Dolly & Carol in Nashville is a television special starring Dolly Parton and Carol Burnett that was shot at The Grand Ole Opry and broadcast on CBS on Valentine's Day in 1979. It was part of a promotional campaign for Parton's recent album, Heartbreaker.

Program
The show opens with Dolly and Carol singing "What Am I Doing Up Here?" (frequently referred to as the "Pedestal Song") a comical number in which each declares the other belongs on a pedestal. As they sing, the boxes that they're seated on each rise into the air.

The next scene begins with a rendition of "Orange Blossom Special", but Carol fumbles with the banjo and proclaims, "No one picks like a Nashville picker picks." Seizing the opportunity, Dolly turns this line into a rousing song, and they soon find accompaniment from various musicians who are planted in the audience.

Next, Parton performs a gospel medley in the empty Ryman Auditorium, bookended by performances with Carol and a choir at the newer Opry house.

The show's only sketch features the stars as little girls.

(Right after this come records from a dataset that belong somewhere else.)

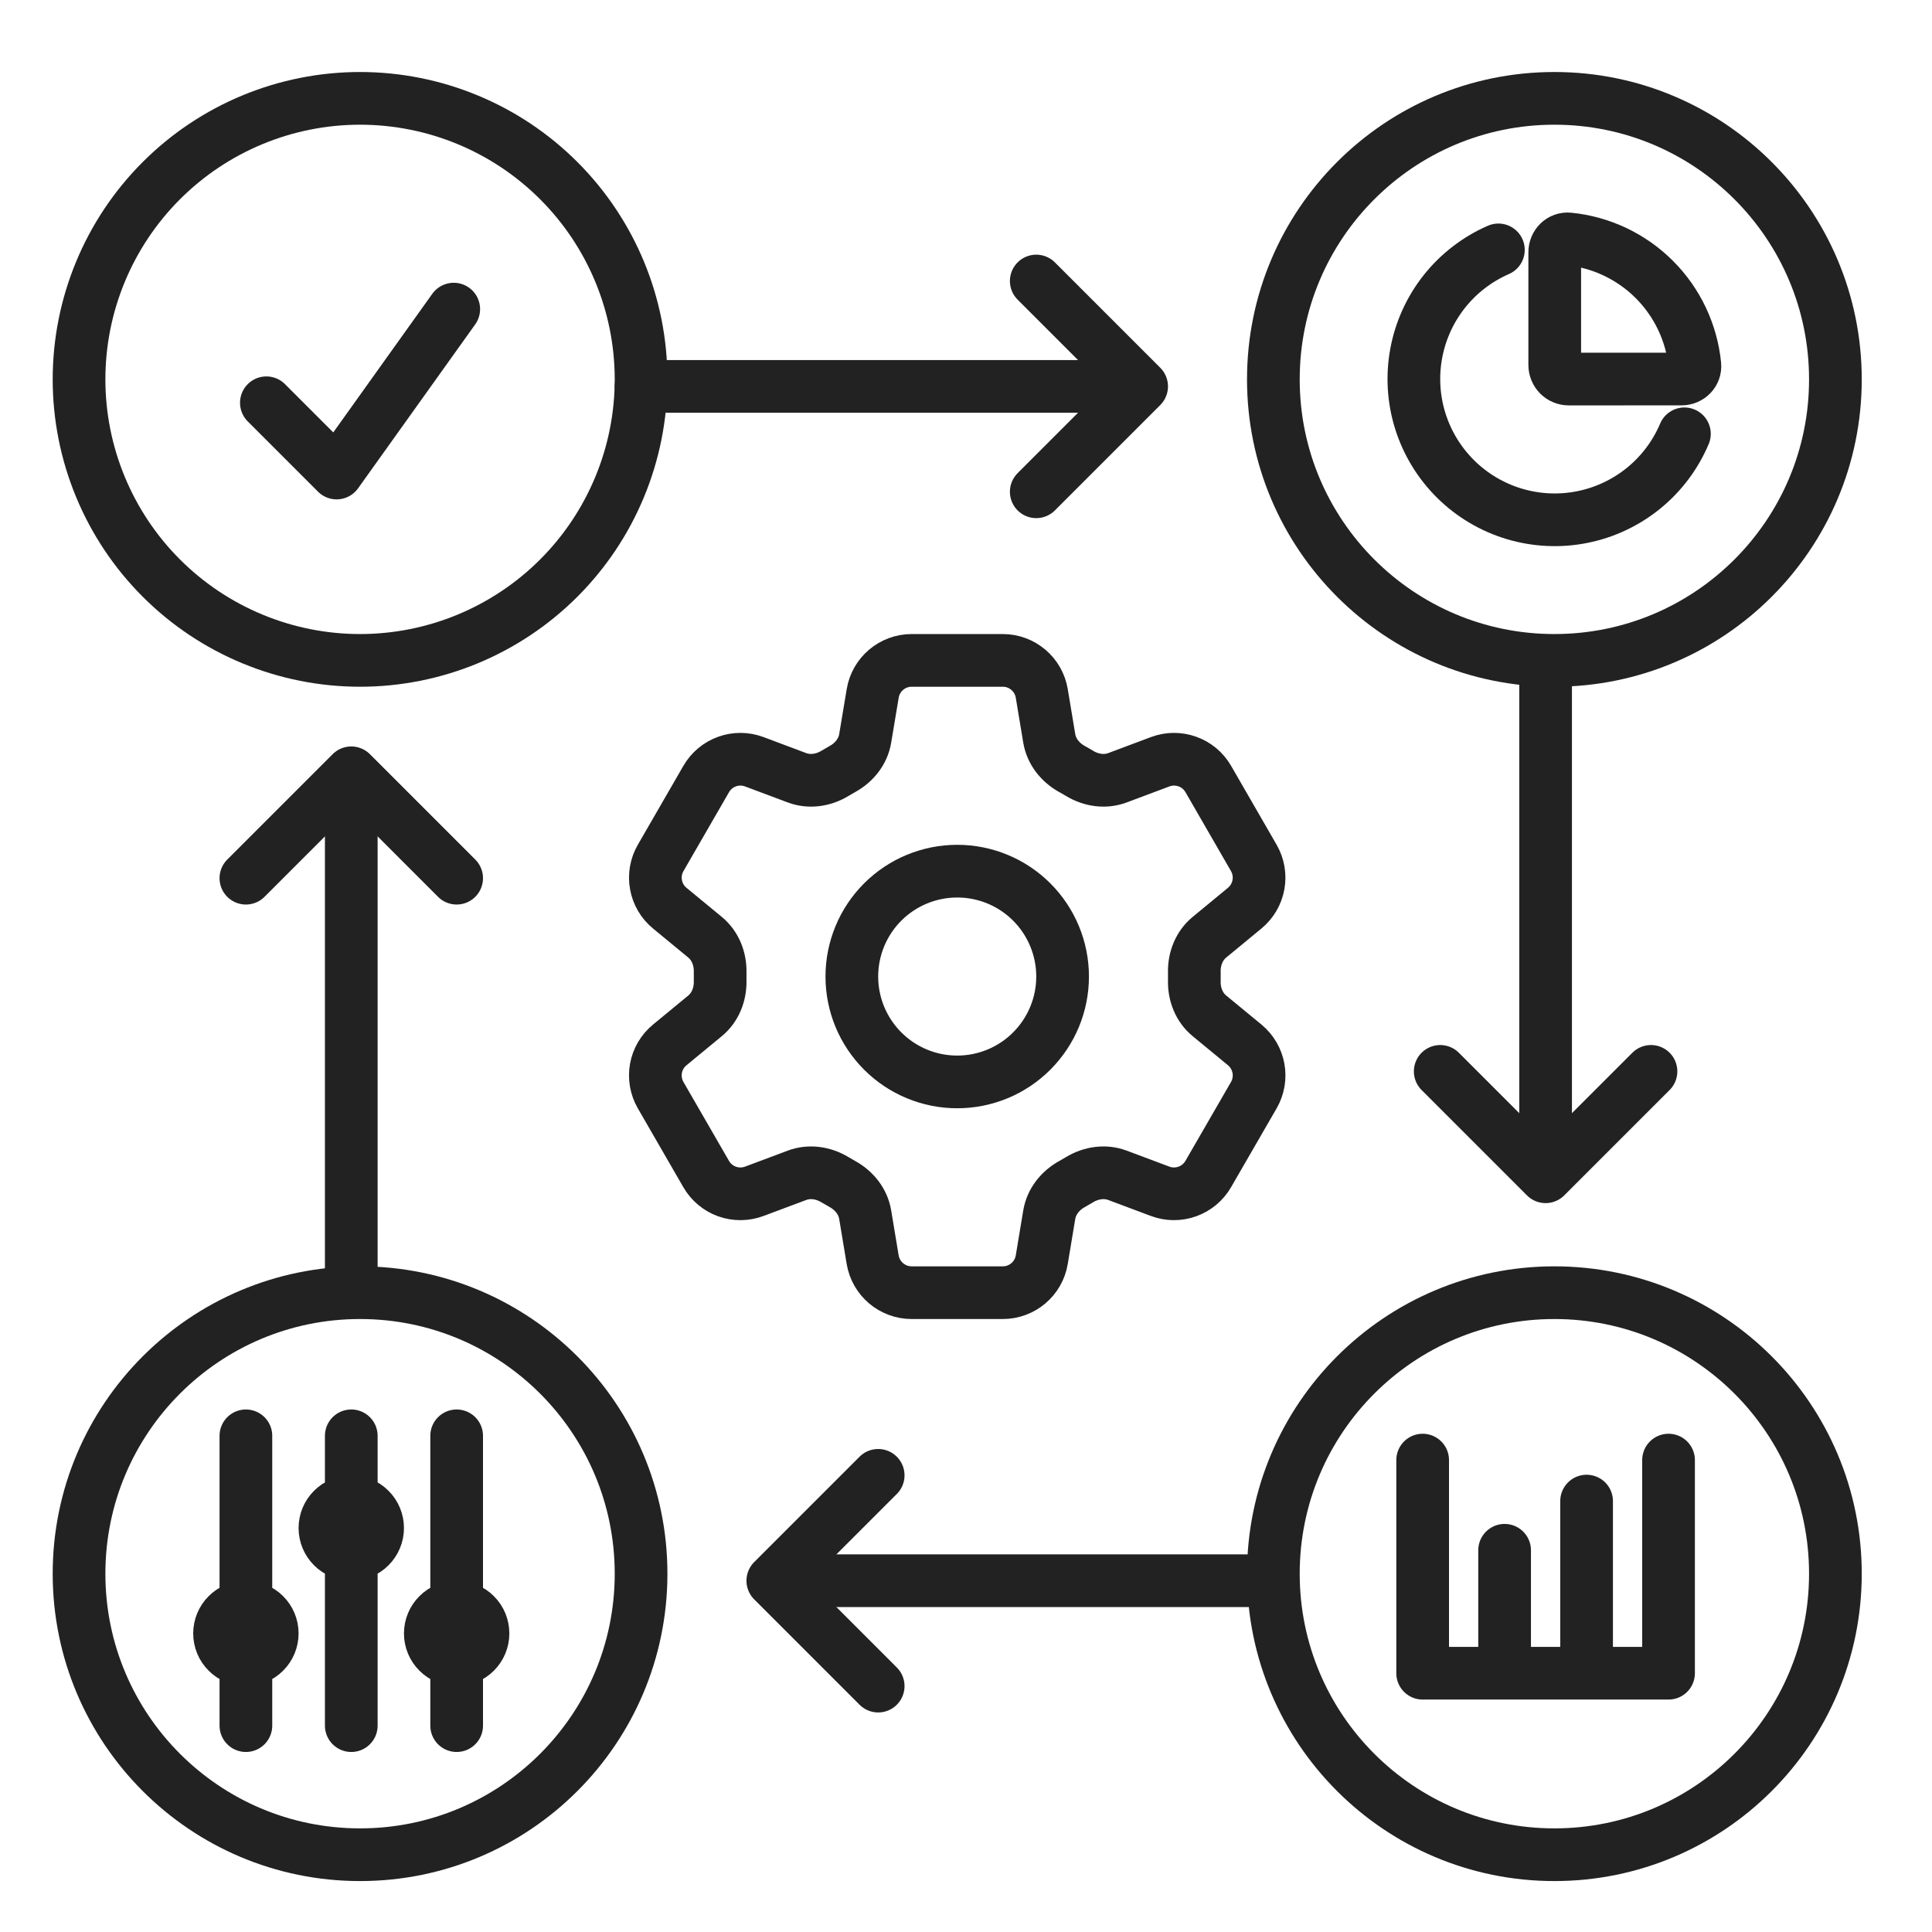 <svg width="55" height="55" viewBox="0 0 55 55" fill="none" xmlns="http://www.w3.org/2000/svg">
<path d="M24.844 19.74C24.934 19.198 25.404 18.8 25.954 18.8H28.547C29.097 18.8 29.567 19.198 29.657 19.74L29.87 21.021C29.933 21.395 30.183 21.707 30.515 21.891C30.589 21.931 30.662 21.974 30.735 22.018C31.06 22.214 31.455 22.275 31.81 22.142L33.027 21.686C33.276 21.592 33.551 21.59 33.802 21.68C34.053 21.769 34.263 21.945 34.397 22.176L35.693 24.423C35.826 24.654 35.873 24.924 35.825 25.186C35.778 25.448 35.638 25.685 35.433 25.854L34.43 26.681C34.137 26.922 33.992 27.294 34 27.673C34.001 27.758 34.001 27.843 34 27.928C33.992 28.306 34.137 28.678 34.43 28.919L35.434 29.746C35.858 30.096 35.968 30.701 35.694 31.176L34.396 33.423C34.263 33.653 34.052 33.829 33.801 33.919C33.55 34.009 33.276 34.007 33.027 33.914L31.81 33.458C31.455 33.325 31.06 33.386 30.734 33.582C30.661 33.626 30.588 33.669 30.514 33.71C30.183 33.893 29.933 34.205 29.87 34.579L29.657 35.86C29.567 36.403 29.097 36.8 28.547 36.8H25.953C25.403 36.8 24.934 36.402 24.843 35.86L24.63 34.579C24.568 34.205 24.318 33.893 23.986 33.709C23.912 33.668 23.838 33.626 23.766 33.582C23.441 33.386 23.046 33.325 22.69 33.458L21.473 33.914C21.223 34.007 20.949 34.009 20.698 33.92C20.448 33.83 20.237 33.654 20.104 33.424L18.807 31.177C18.674 30.946 18.627 30.676 18.674 30.414C18.722 30.152 18.861 29.915 19.067 29.746L20.071 28.919C20.363 28.679 20.508 28.306 20.501 27.928C20.499 27.843 20.499 27.758 20.501 27.673C20.508 27.293 20.363 26.922 20.071 26.681L19.067 25.854C18.861 25.685 18.722 25.448 18.675 25.186C18.627 24.925 18.674 24.654 18.807 24.424L20.104 22.177C20.237 21.946 20.448 21.77 20.699 21.68C20.95 21.59 21.224 21.592 21.474 21.686L22.69 22.142C23.046 22.275 23.441 22.214 23.766 22.018C23.838 21.974 23.912 21.932 23.986 21.89C24.318 21.707 24.568 21.395 24.63 21.021L24.844 19.74Z" stroke="#222222" stroke-width="1.5" stroke-linecap="round" stroke-linejoin="round"/>
<path d="M30.25 27.8C30.25 28.596 29.934 29.358 29.371 29.921C28.809 30.484 28.046 30.8 27.25 30.8C26.454 30.8 25.691 30.484 25.129 29.921C24.566 29.358 24.25 28.596 24.25 27.8C24.25 27.004 24.566 26.241 25.129 25.678C25.691 25.116 26.454 24.8 27.25 24.8C28.046 24.8 28.809 25.116 29.371 25.678C29.934 26.241 30.25 27.004 30.25 27.8Z" stroke="#222222" stroke-width="1.5" stroke-linecap="round" stroke-linejoin="round"/>
<path d="M7.583 11.466L9.583 13.466L12.917 8.8M18.25 10.8C18.25 11.85 18.043 12.891 17.641 13.861C17.239 14.832 16.65 15.714 15.907 16.457C15.164 17.2 14.282 17.789 13.312 18.191C12.341 18.593 11.301 18.8 10.25 18.8C9.199 18.8 8.159 18.593 7.189 18.191C6.218 17.789 5.336 17.2 4.593 16.457C3.85 15.714 3.261 14.832 2.859 13.861C2.457 12.891 2.25 11.85 2.25 10.8C2.25 8.678 3.093 6.643 4.593 5.143C6.093 3.643 8.128 2.8 10.25 2.8C12.372 2.8 14.407 3.643 15.907 5.143C17.407 6.643 18.25 8.678 18.25 10.8Z" stroke="#222222" stroke-width="1.5" stroke-linecap="round" stroke-linejoin="round"/>
<circle cx="44.25" cy="10.8" r="8" stroke="#222222" stroke-width="1.5"/>
<path d="M47.868 10.79C48.09 10.79 48.272 10.611 48.249 10.39C48.157 9.47 47.749 8.61 47.095 7.956C46.441 7.302 45.58 6.894 44.66 6.802C44.439 6.78 44.26 6.961 44.26 7.183V10.39C44.26 10.496 44.302 10.598 44.377 10.674C44.452 10.749 44.554 10.791 44.661 10.791L47.868 10.79Z" stroke="#222222" stroke-width="1.5" stroke-linecap="round" stroke-linejoin="round"/>
<path d="M47.952 12.35C47.697 12.953 47.298 13.485 46.79 13.898C46.282 14.311 45.681 14.594 45.038 14.721C44.396 14.849 43.732 14.816 43.105 14.628C42.478 14.439 41.906 14.1 41.441 13.64C40.975 13.179 40.629 12.612 40.433 11.987C40.237 11.362 40.198 10.698 40.318 10.054C40.438 9.411 40.713 8.806 41.121 8.293C41.529 7.781 42.056 7.376 42.656 7.114" stroke="#222222" stroke-width="1.5" stroke-linecap="round" stroke-linejoin="round"/>
<path d="M40.5 41.566V47.633H42.833M47.5 41.566V47.633H45.167M42.833 47.633V44.133M42.833 47.633H45.167M45.167 47.633V42.733" stroke="#222222" stroke-width="1.5" stroke-linecap="round" stroke-linejoin="round"/>
<circle cx="44.25" cy="44.8" r="8" stroke="#222222" stroke-width="1.5"/>
<circle cx="10.25" cy="44.8" r="8" stroke="#222222" stroke-width="1.5"/>
<path d="M7 45.75V40.875M7 45.75C7.199 45.75 7.39 45.829 7.53 45.97C7.671 46.11 7.75 46.301 7.75 46.5C7.75 46.699 7.671 46.89 7.53 47.03C7.39 47.171 7.199 47.25 7 47.25M7 45.75C6.801 45.75 6.61 45.829 6.47 45.97C6.329 46.11 6.25 46.301 6.25 46.5C6.25 46.699 6.329 46.89 6.47 47.03C6.61 47.171 6.801 47.25 7 47.25M7 47.25V49.125M13 45.75V40.875M13 45.75C13.199 45.75 13.39 45.829 13.53 45.97C13.671 46.11 13.75 46.301 13.75 46.5C13.75 46.699 13.671 46.89 13.53 47.03C13.39 47.171 13.199 47.25 13 47.25M13 45.75C12.801 45.75 12.61 45.829 12.47 45.97C12.329 46.11 12.25 46.301 12.25 46.5C12.25 46.699 12.329 46.89 12.47 47.03C12.61 47.171 12.801 47.25 13 47.25M13 47.25V49.125M10 42.75V40.875M10 42.75C10.199 42.75 10.39 42.829 10.53 42.97C10.671 43.11 10.75 43.301 10.75 43.5C10.75 43.699 10.671 43.89 10.53 44.03C10.39 44.171 10.199 44.25 10 44.25M10 42.75C9.801 42.75 9.61 42.829 9.47 42.97C9.329 43.11 9.25 43.301 9.25 43.5C9.25 43.699 9.329 43.89 9.47 44.03C9.61 44.171 9.801 44.25 10 44.25M10 44.25V49.125" stroke="#222222" stroke-width="1.5" stroke-linecap="round" stroke-linejoin="round"/>
<path d="M41 30.5L44 33.5L47 30.5" stroke="#222222" stroke-width="1.5" stroke-linecap="round" stroke-linejoin="round"/>
<path d="M44 19L44 32" stroke="#222222" stroke-width="1.5" stroke-linecap="round" stroke-linejoin="round"/>
<path d="M7 25L10 22L13 25" stroke="#222222" stroke-width="1.5" stroke-linecap="round" stroke-linejoin="round"/>
<path d="M10 36.5L10 23.5" stroke="#222222" stroke-width="1.5" stroke-linecap="round" stroke-linejoin="round"/>
<path d="M29.5 8L32.5 11L29.5 14" stroke="#222222" stroke-width="1.5" stroke-linecap="round" stroke-linejoin="round"/>
<path d="M18.25 11L31 11" stroke="#222222" stroke-width="1.5" stroke-linecap="round" stroke-linejoin="round"/>
<path d="M25 42L22 45L25 48" stroke="#222222" stroke-width="1.5" stroke-linecap="round" stroke-linejoin="round"/>
<path d="M35.5 45L23.5 45" stroke="#222222" stroke-width="1.5" stroke-linecap="round" stroke-linejoin="round"/>
</svg>

Trudy (Parton) is whiny and ignored by the boys, Marcy (Burnett) is a tomboy. The music of the Grand Ole Opry on the radio provides transitions through time as the girls age, featuring a few vintage radio introductions (Roy Acuff, Minnie Pearl, Marty Robbins) as the dancers pantomime to old country hits. Once they reach puberty, the children's roles suddenly reverse, as all of the boys lavish affections upon the busty Trudy. Eventually, we’re introduced to Trudy's daughter, Bonnie (Lindy Speight), and Marcy's daughter, Ellie (Erin Hamilton), who are just like their mothers. Trudy and Marcy then perform "Turn Around (Where Are You Going, My Little One?)."

The duo then performs a 9-minute medley of "heart" songs, which includes Parton's "Heartbreaker".

Dressed in frilly gowns, Carol and Dolly do a little song and dance routine, "It's a Kick (Kickin' Around with You)". They're soon interrupted by The Joe Layton Dancers, which segues into "No One Kicks Like a Nashville Kicker Kicks." As the number ends, the dancers surround the ladies with bouquets as members of the audience pelt the stars with flowers.

The ladies sing a brief reprise of "What Am I Doing Up Here?" and the credits roll.

Production & Release
Production occurred in January 1979 at the Grand Ole Opry House and Ryman Auditorium, with the bulk of filming occurring on the 9th and 10th. In a 2016 interview, Burnett misremembered that filming occurred around Thanksgiving, remarking that Parton had generously cooked a feast. It was Burnett's first special following the cancellation of her long-running variety show (although between, she starred in the feature-length pilot The Grass Is Always Greener Over the Septic Tank), and real-life daughter Erin Hamilton portrayed her child in the Girl Friends sketch.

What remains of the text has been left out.